FAA spokesman Ian Gregor said the longer level-offs could be due to the heavier traffic, which rose 22 percent in that period, forcing more planes to fly farther north before turning.

Though Gregoire, the Port Commission president, said she hears complaints about plane overflights “every single day,” she emphasized in an interview that the FAA alone determines the flight paths, not the Port.

“I don’t get to set the policy,” she said.

The FAA responded to questions about noise impacts and Greener Skies only via email. Gregoire wrote that the agency “conducts appropriate environmental reviews” for all airspace projects.

Attempts to reduce noise

Earlier this year, the Port of Seattle formed a stakeholder advisory roundtable, including representatives of the nearby cities, the airlines and the FAA.

Airport Director Lyttle said the group has identified four potential noise-reduction measures to study in detail.

Two of these suggestions could decrease noise right next to the airport: not using the runway closest to the airport boundary when traffic is less busy; and asking pilots to curtail noisy reverse engine thrusts on landing.

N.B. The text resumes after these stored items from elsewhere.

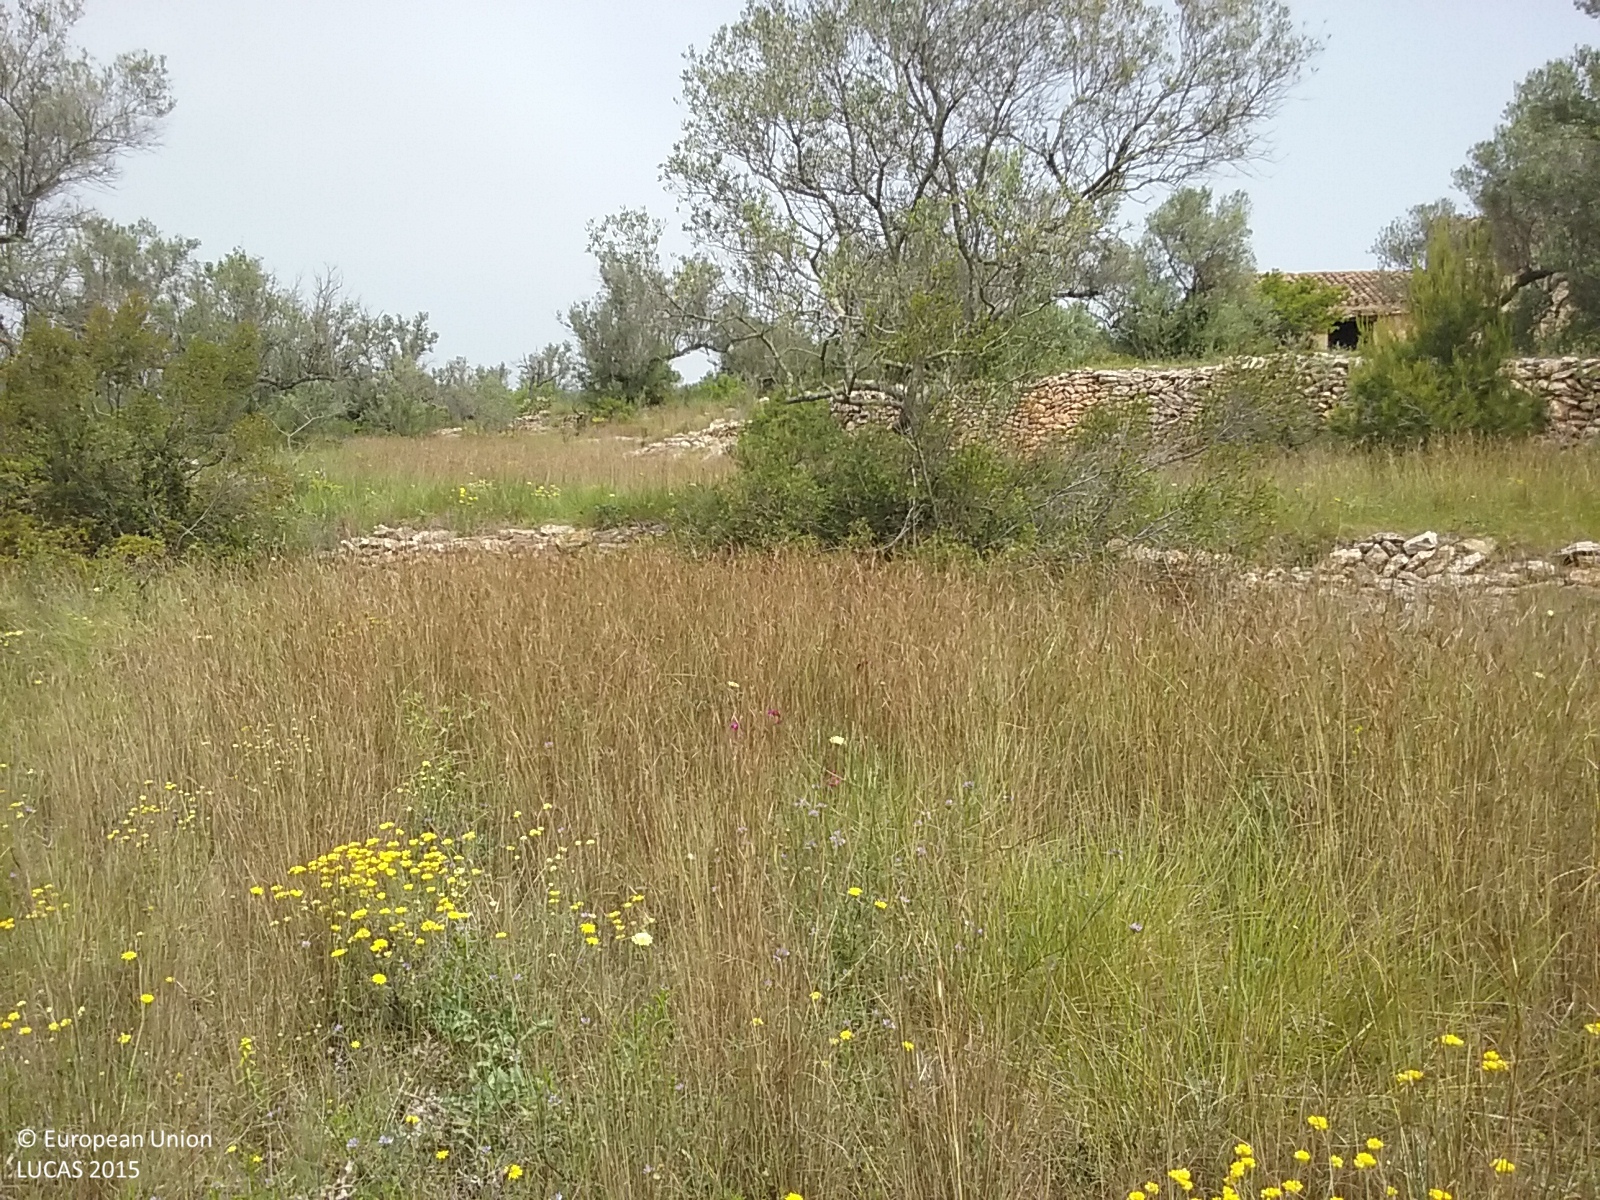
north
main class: Cropland
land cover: Olive groves
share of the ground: 25 - 50 %
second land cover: Grassland without tree/shrub cover
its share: > 75 %
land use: Abandoned areas
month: May
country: ES
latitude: 40.7974
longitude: 0.5954
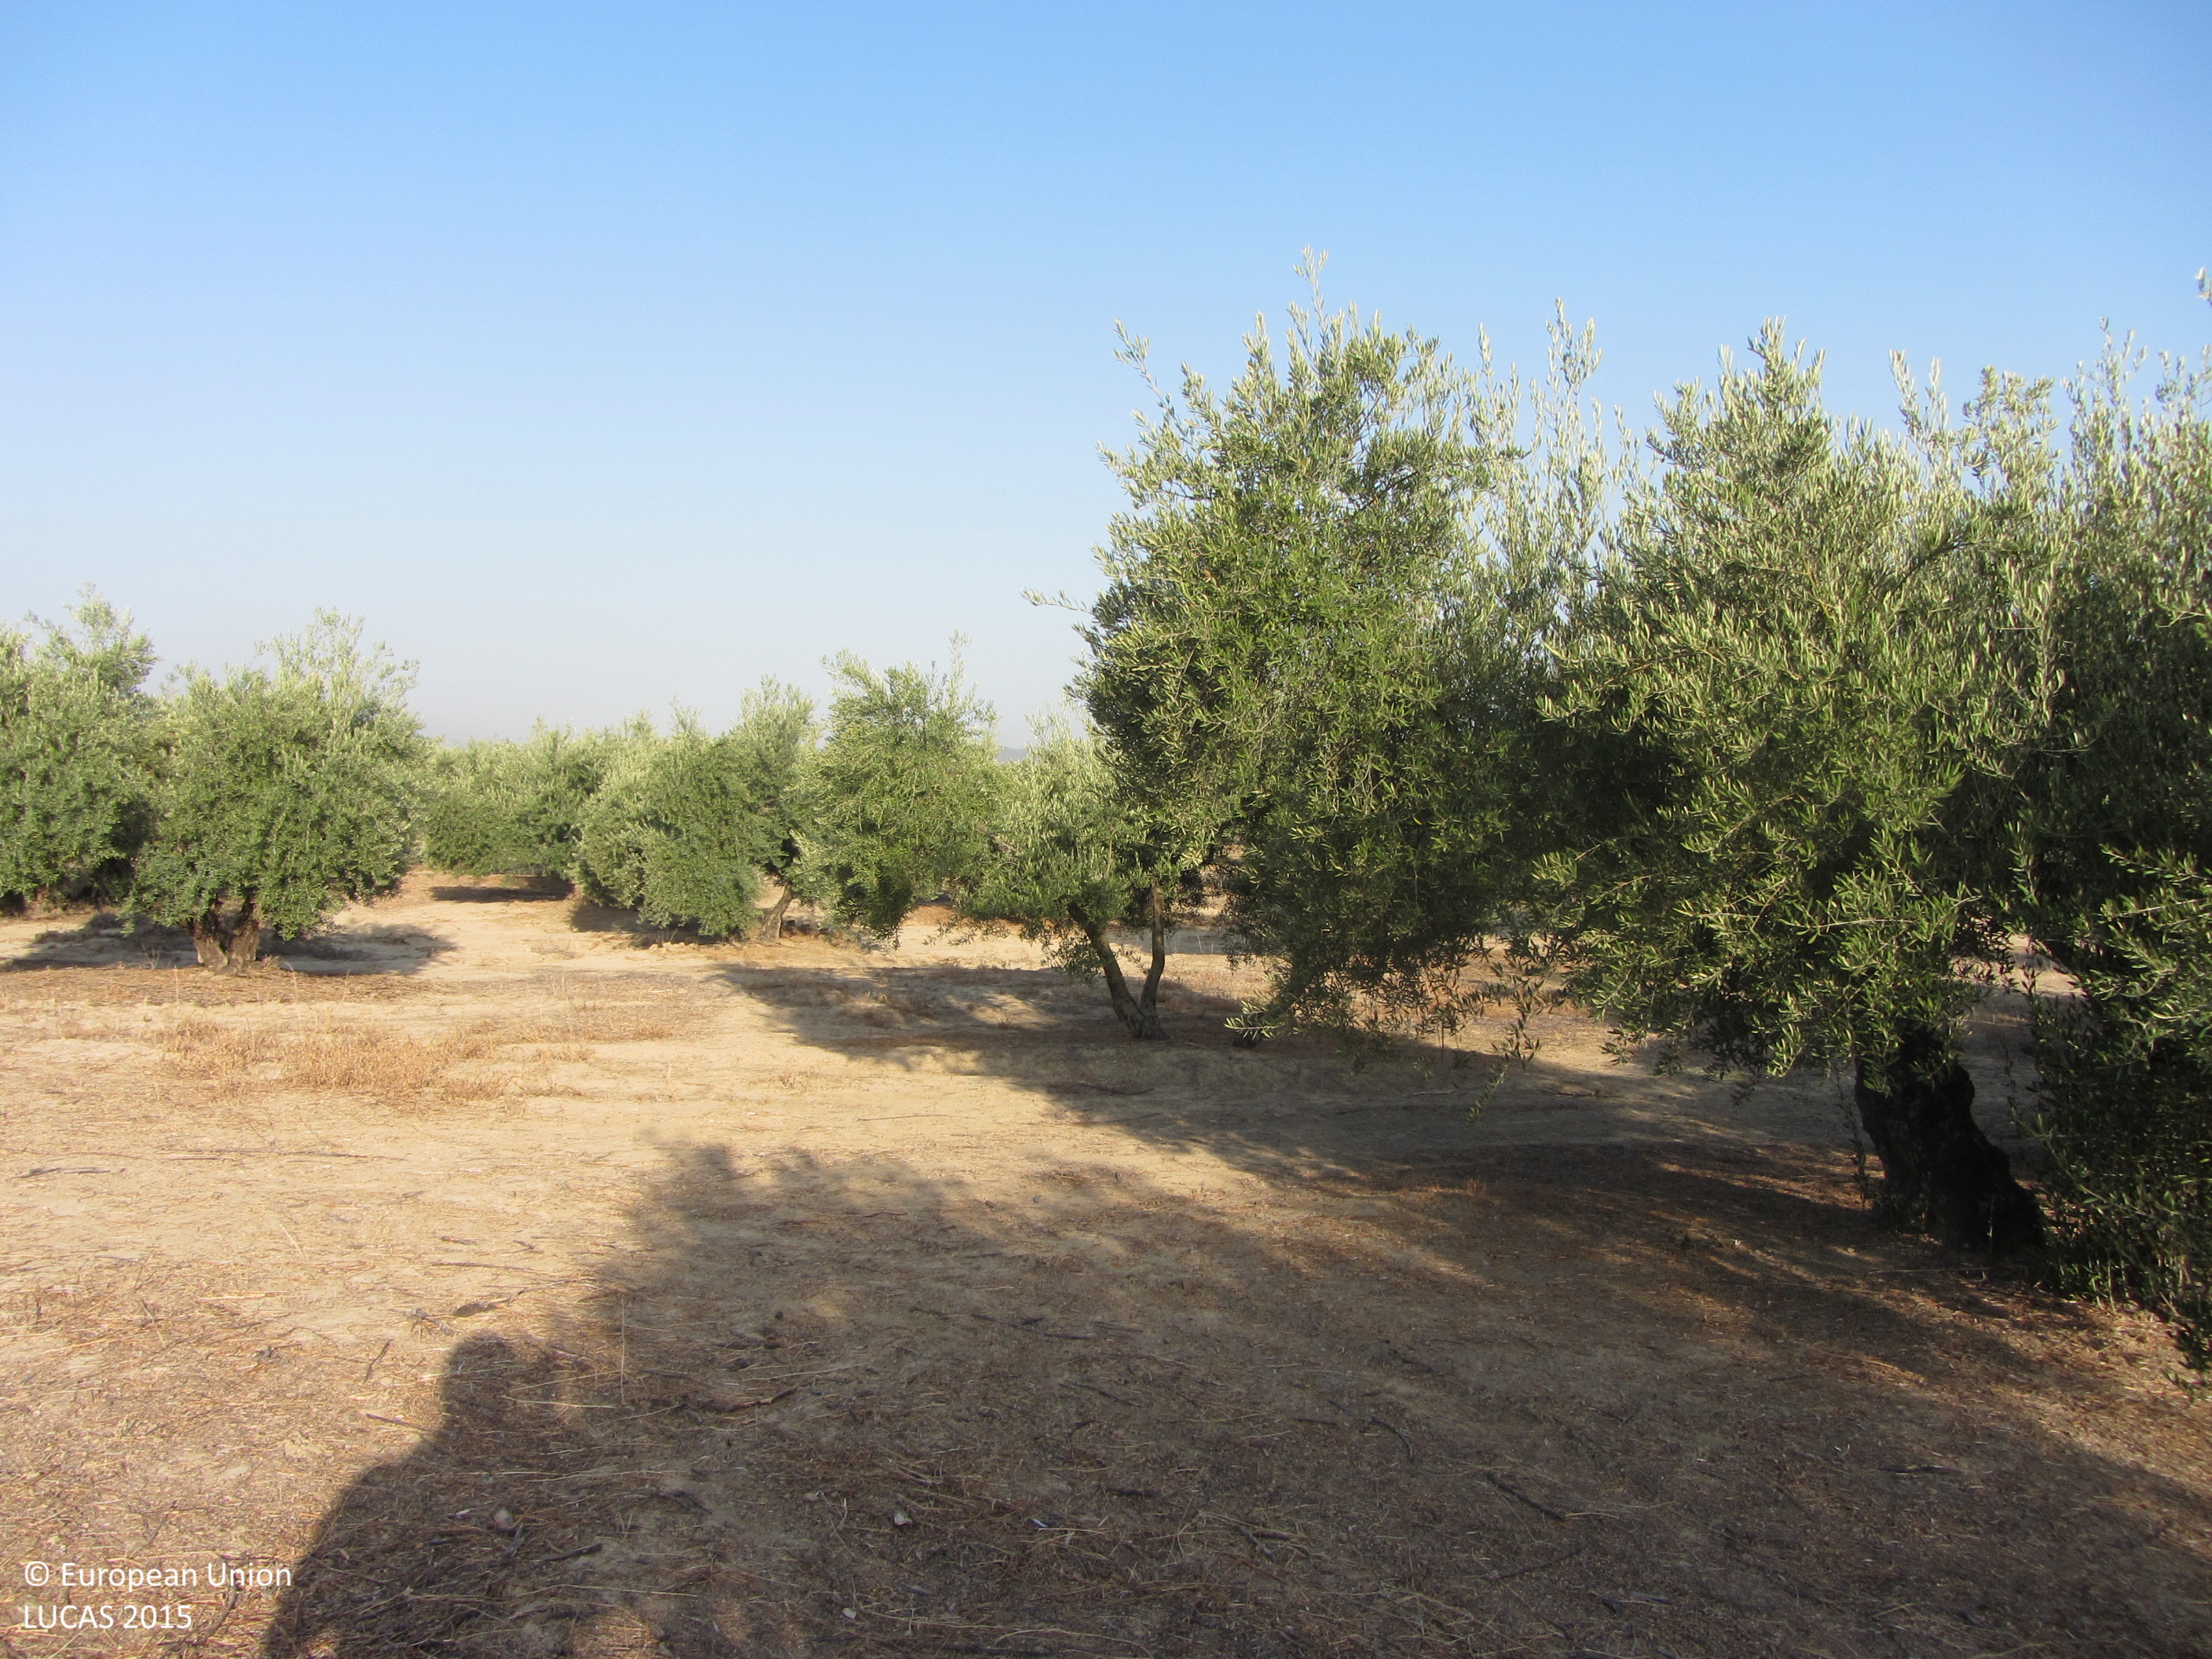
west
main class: Cropland
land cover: Olive groves
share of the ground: 25 - 50 %
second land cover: Spontaneously vegetated surfaces
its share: 10 - 25 %
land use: Agriculture (excluding fallow land and kitchen gardens)
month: July
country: ES
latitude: 37.9086
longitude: -4.1905

Another possibility is raising the glide slope slightly for planes landing from the south. And one more being looked at is negotiating a voluntary night curfew, something that legally cannot be imposed on the airlines.

“There are limitations to what we can do,” said Lyttle.

The Port’s projections for Sea-Tac go out to 2034, when it anticipates annual traffic reaching 66 million passengers and 540,000 landings and takeoffs.

A lengthy environmental review process that kicked off last month as part of the Port’s Sustainable Airport Master Plan, covering expansion through 2027, will include public hearings about a year from now.

Sheila Brush, a Des Moines representative in the stakeholder meetings who leads an airport activist group, Quiet Skies Puget Sound, is cynical about the process. She said the Port is “just checking the boxes.”